11. Trees are for climbing. Don't miss an opportunity when you spot one. Don't worry about falling either. Mom is there to catch you. It’s her job. Dad pays her. He pays for everything.
12. Swans are crafty little buggers who’re not as innocent as they look. They beg incessantly. They make hissing noises and they have very ugly black feet underneath their surface beauty. They should however be treated with respect. Mom says they can drown you with their long windy necks.
13. A ball, any ball, can be hours of entertainment. As long as you play with Dad. Mom is useless.
14. Thumbs Up and Mexican Waves must be busted out when you're instructed to pose for yet another photo. Posing to 'smile for the camera' is lame. Shake it up a little. You'll get some initial resistance. But stick with it.
15. Why walk when you can run? There’s no fun in walking. Only old people walk.
16. Booze and braais are the fundamentals of any Saffa kid’s childhood. Learn to appreciate both.
17. A love of flowers does not make you a pansy.
18. There is always time for monkey business. Just be careful with a pencil up your nose. Apparently you can poke through into your brain.
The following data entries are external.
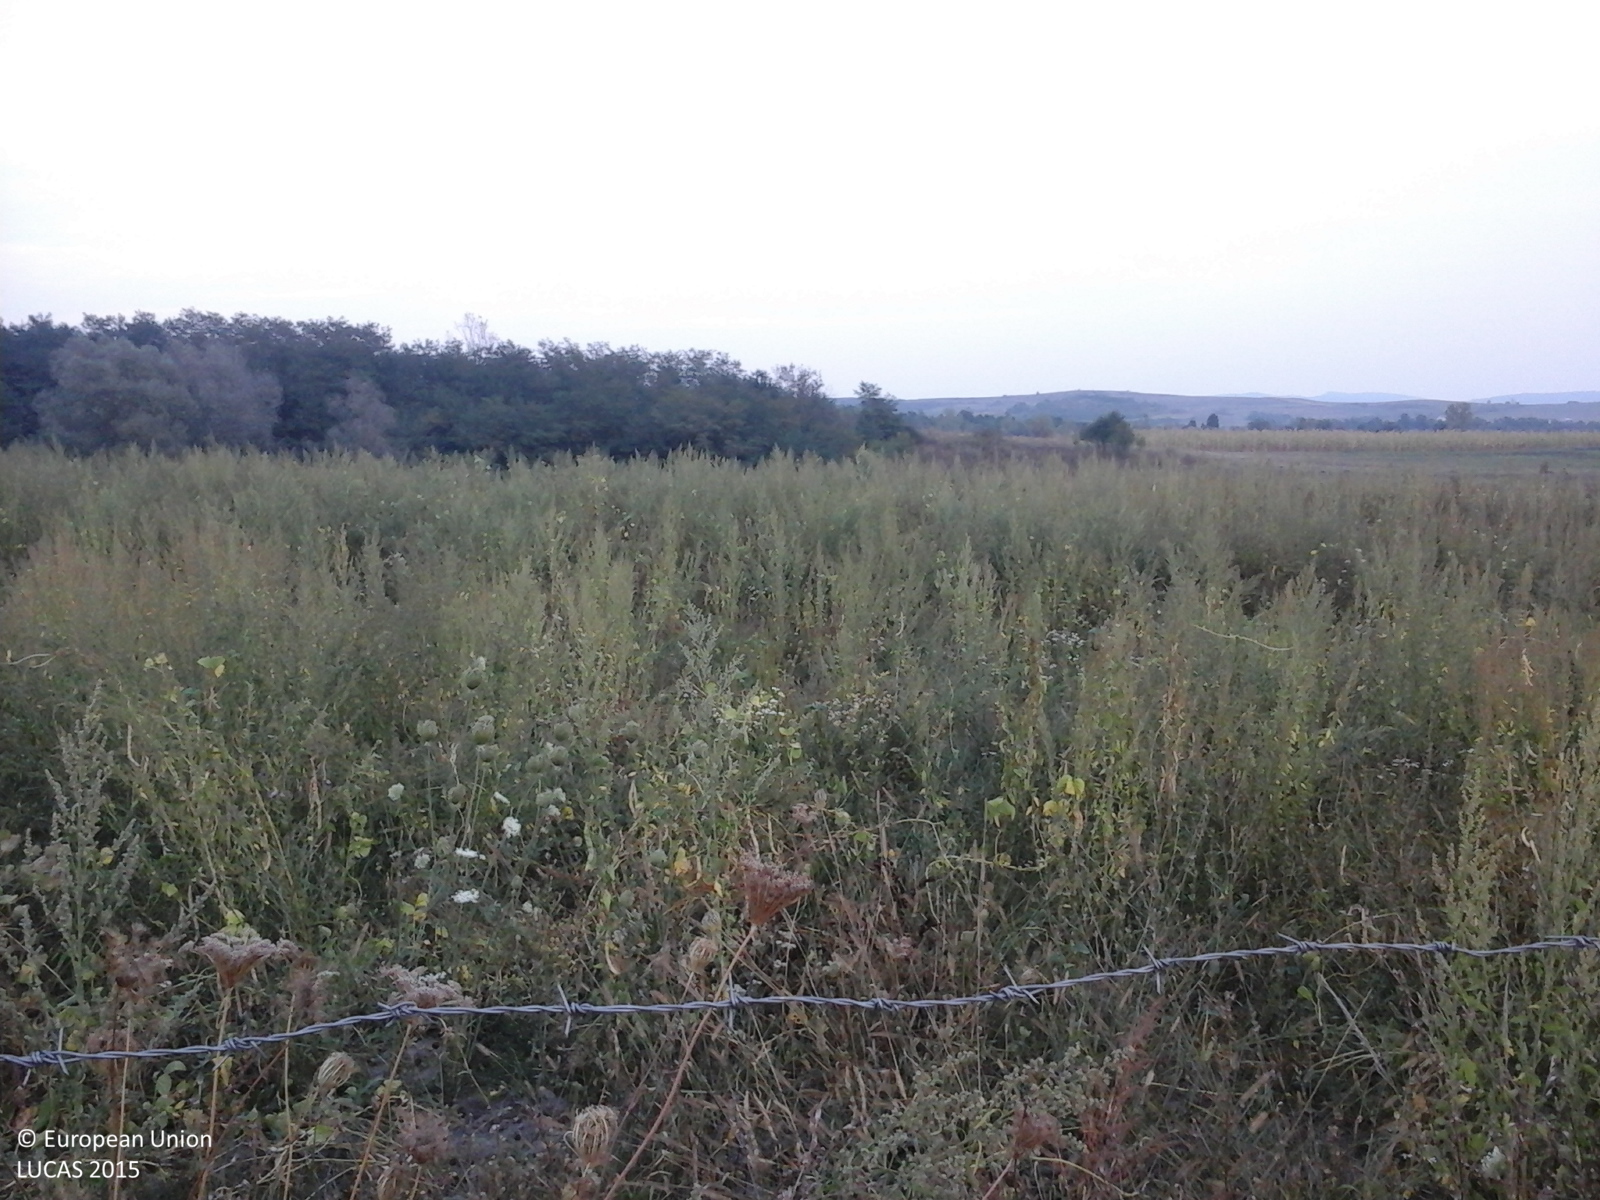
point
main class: Grassland
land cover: Spontaneously vegetated surfaces
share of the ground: > 75 %
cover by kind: herbaceous plants 100 %
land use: Agriculture (excluding fallow land and kitchen gardens)
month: September
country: RO
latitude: 47.2429
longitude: 24.3432
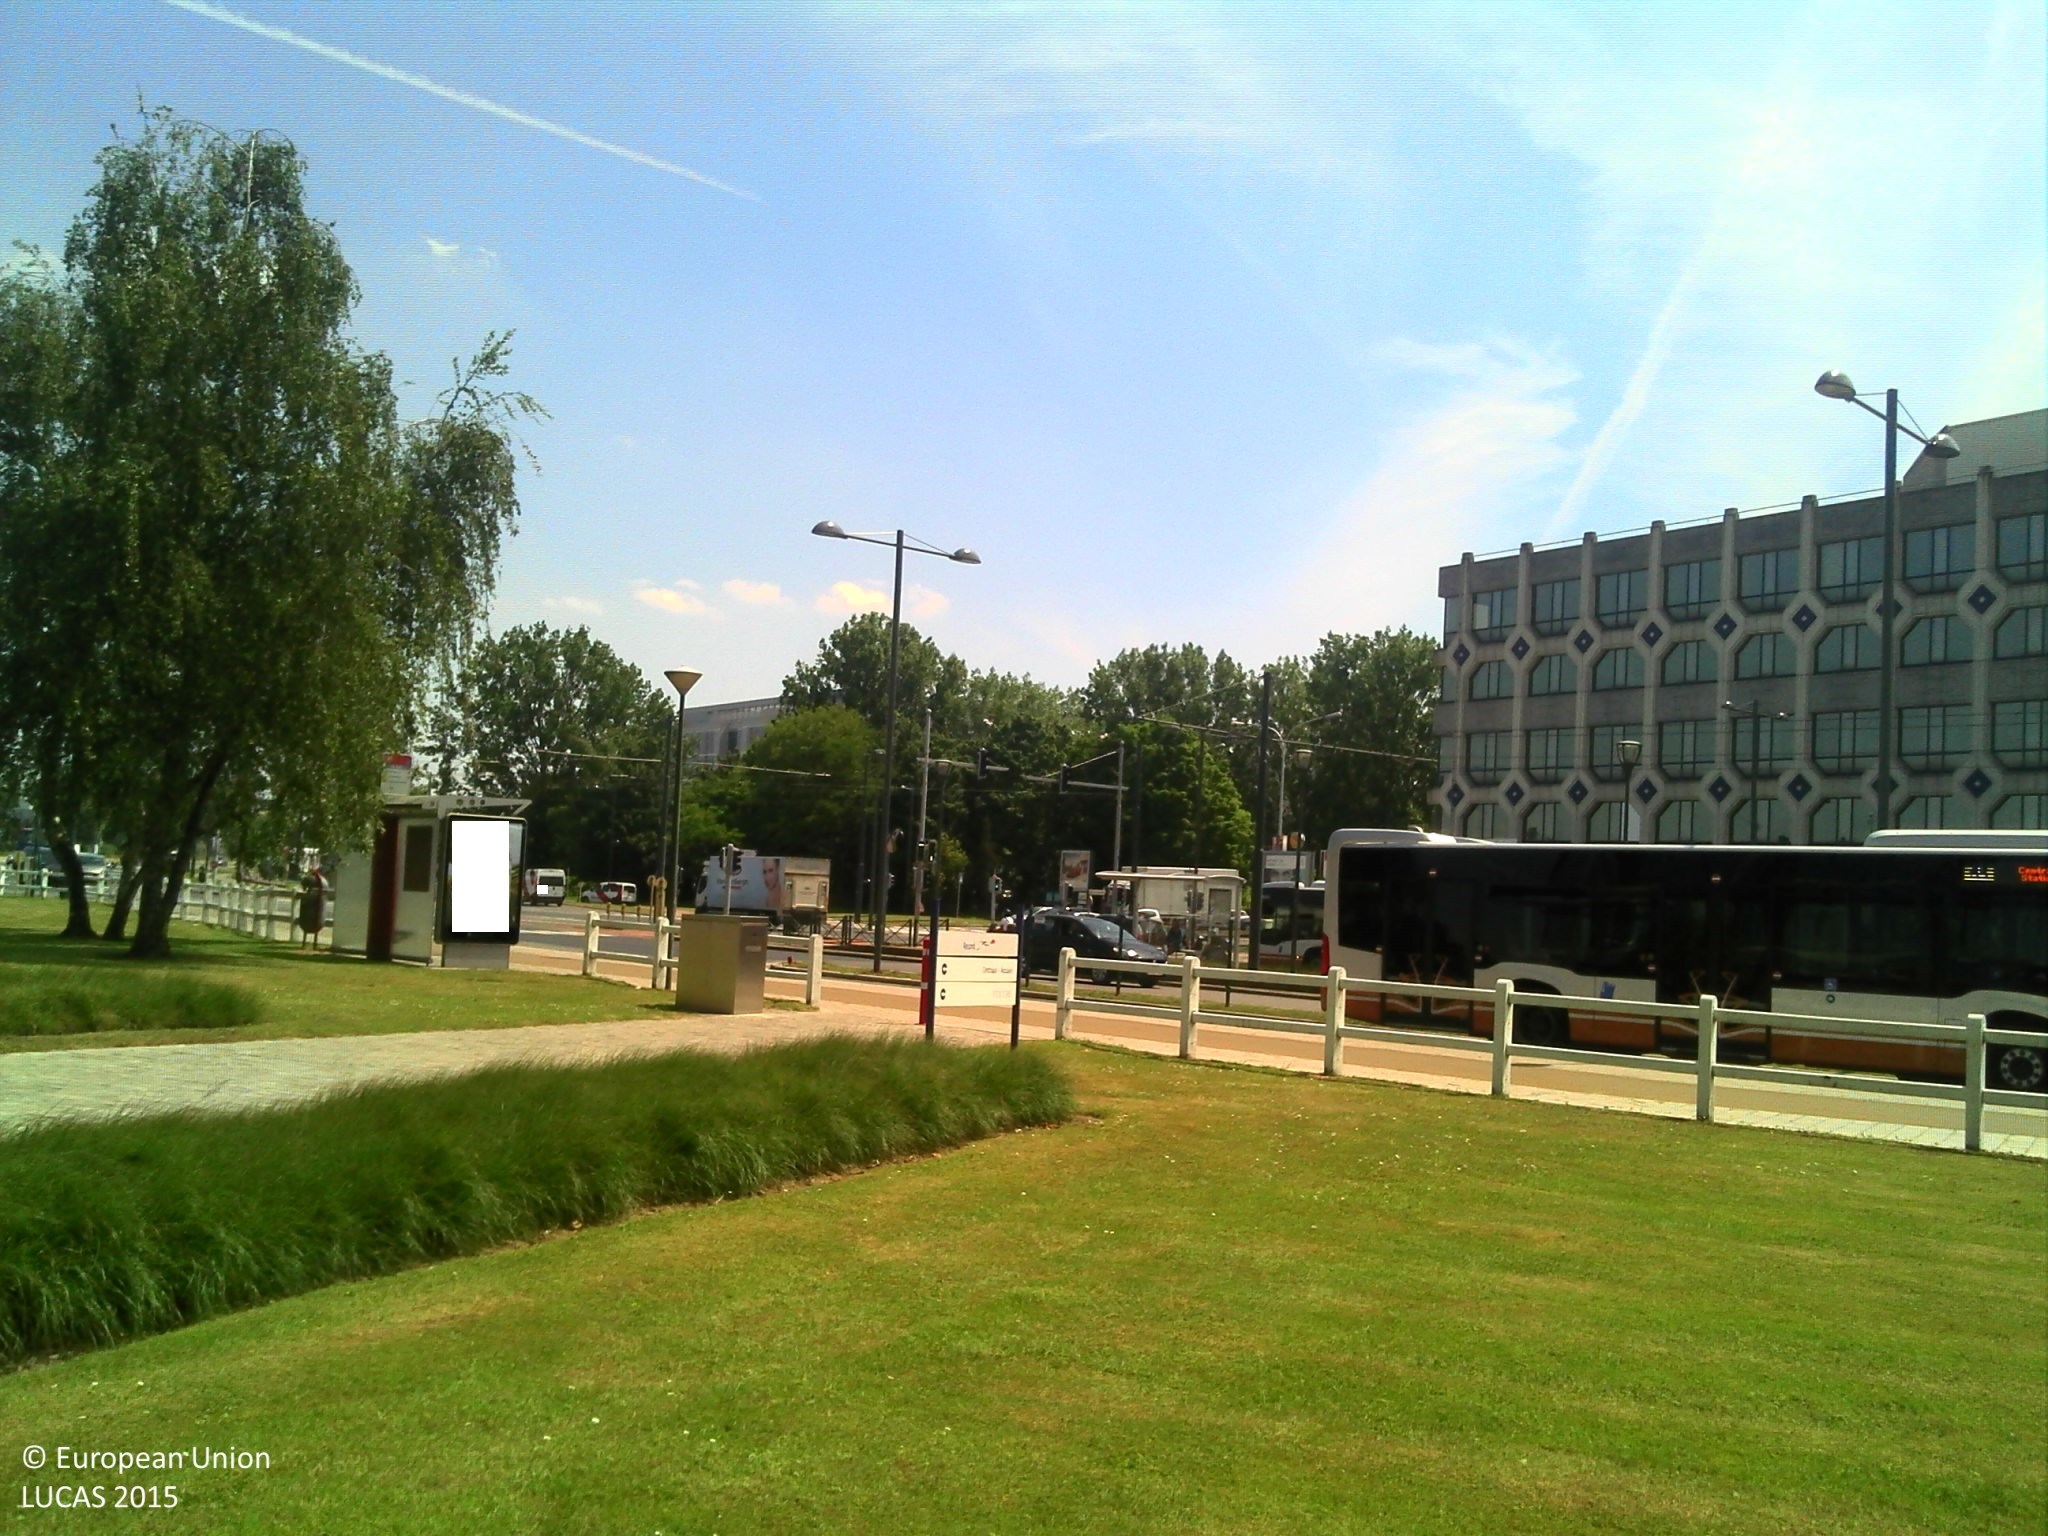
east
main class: Grassland
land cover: Grassland with sparse tree/shrub cover
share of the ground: > 75 %
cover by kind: herbaceous plants 90 %, broadleaved forest trees 5 %, shrubs 5 %
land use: Commerce
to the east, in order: Grassland with sparse tree/shrub cover; Artificial constructions in urban areas; Broadleaved woodland; Artificial constructions in urban areas
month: June
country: BE
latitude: 50.8763
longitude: 4.4102

19. No self-respecting African kid leaves the house without sunnies. It’s just not done.
20. Shoes and clothes are always optional. Shoes more so. Clothes can only be removed at home. People don't like naked kids in the parks here. My sister proved this when she did a runner from Mom in the park without her nappy. We left just before the police. Mom is convinced she heard the sirens.
21. The African culture is a friendly one. We wave. We smile. We make eye contact. We understand that these gestures are unlikely to be acknowledged. This is no big matter to us. We will continue to extend them regardless. It's just how we're raised. Ubuntu and all. Viva Africa. Viva.